Preeclampsia is the commonest cause of maternal mortality and is characterized by hypertension and significant proteinuria (>300mg/24hrs) after 20weeks of gestation. Thrombocytopenia is seen in 50% cases of Preeclampsia.¹³ It is usually observed in the third trimester and is mild to moderate in majority of cases. Severe thrombocytopenia is observed in <5% of cases. Sometimes thrombocytopenia is seen before the symptoms of preeclampsia and therefore preeclampsia should be considered in patients of isolated thrombocytopenia seen in late second and during the third trimester. Pathogenesis is unknown, however it is proposed that there is some endothelial cell activation in preeclampsia that leads to platelet activation, coagulation cascade activation and thus platelet consumption. The condition resolves spontaneously after delivery. Since thrombocytopenia is mostly mild to moderate, no treatment is usually required, and conservative management is the priority. However severe cases may require treatment by correction of coagulopathy and expeditious delivery. Fetal thrombocytopenia is usually not observed except in premature and growth retarded fetuses.

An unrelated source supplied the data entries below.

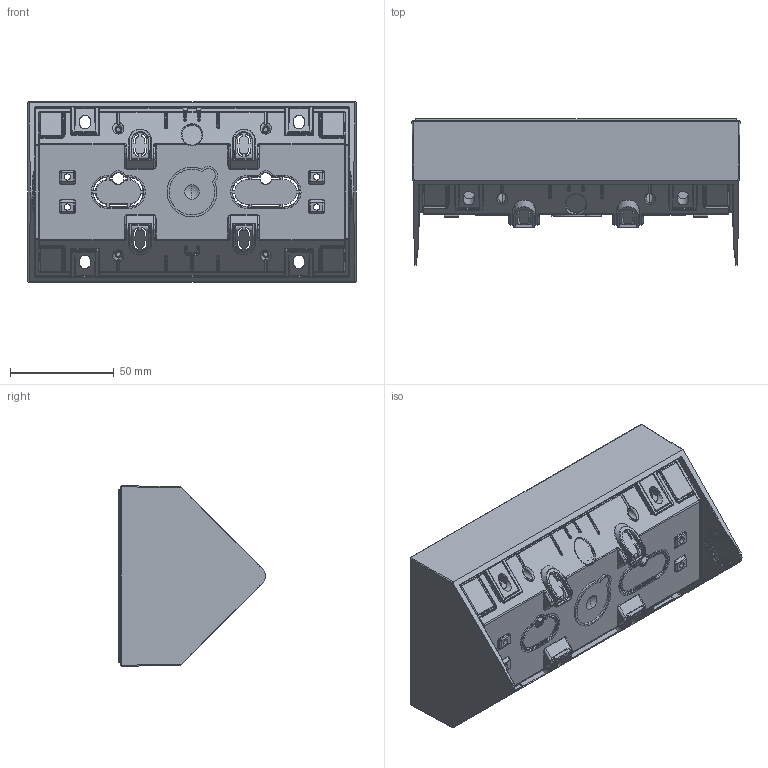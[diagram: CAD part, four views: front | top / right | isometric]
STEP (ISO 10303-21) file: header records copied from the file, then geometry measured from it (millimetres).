
FILE_DESCRIPTION((''),'2;1');
FILE_NAME('W1A2489_GEN','2024-12-17T15:58:29',('knorrj'),(''),'CREO PARAMETRIC BY PTC INC, 2023154','CREO PARAMETRIC BY PTC INC, 2023154','');
FILE_SCHEMA(('CONFIG_CONTROL_DESIGN','SHAPE_APPEARANCE_LAYERS_GROUPS'));
Products named in the file (1): W1A2489_GEN
Bounding box: 157.95 x 70.59 x 86.95 mm (x, y, z)
Volume: 100954.4 mm3; surface area: 93033.8 mm2
Topology: 1 solids, 1 shells, 3866 faces, 9634 edges, 5783 vertices
Faces by surface type: plane 1343, cylinder 1255, bspline 903, cone 153, sphere 109, extrusion 87, torus 16
Entity records: 208187 total; most frequent: CARTESIAN_POINT 124112, ORIENTED_EDGE 19260, DIRECTION 14668, EDGE_CURVE 9630, VERTEX_POINT 5783, VECTOR 5152, LINE 5065, AXIS2_PLACEMENT_3D 4758

HELLP syndrome, characterized by hemolysis, elevated liver enzymes and low platelet count, is observed during the third trimester and in 30% of cases manifests in postpartum period. It has high mortality rate of 3-4%. Thrombocytopenia is mainly due to endothelial damage, leading to platelet aggregation and thus consumption.¹⁴ Micro thrombi also get deposited in liver sinusoids and cause their obstruction and elevation of liver enzymes. Complications include DIC, abruptio placentae and renal failure. Management should aim to deliver the mother as early as possible depending upon maternal and fetal condition.^15,16 Treatment includes maternal support with FFP, cryoprecipitate and platelet transfusion, and for fetal lung maturity, steroids are helpful. Condition improves quickly after delivery, though may worsen sometimes in first 24-48hours.¹⁷

Thrombotic microangiopathies

Thrombotic thrombocytopenic purpura (TTP) and hemolytic uremic syndrome (HUS) are referred to as thrombotic microangiopathies and are not pregnancy specific.^18,19 TTP and HUS share many overlapping features and it is sometimes difficult to differentiate them from each other and sometime there is difficulty even in differentiating them from other disorders like Preeclampsia, HELLP syndrome and acute fatty liver of pregnancy, which may also show the features of microangiopathic hemolytic anemia and thrombocytopenia.⁴ TTP is a rare disorder classically characterized by microangiopathic hemolytic anemia, thrombocytopenia and neurological abnormalities, fever and renal disease; however neurological symptoms are more prominent.²⁰ TTP is usually due to acquired deficiency of ADAMTS-13 observed mostly during mid-second or third trimesters.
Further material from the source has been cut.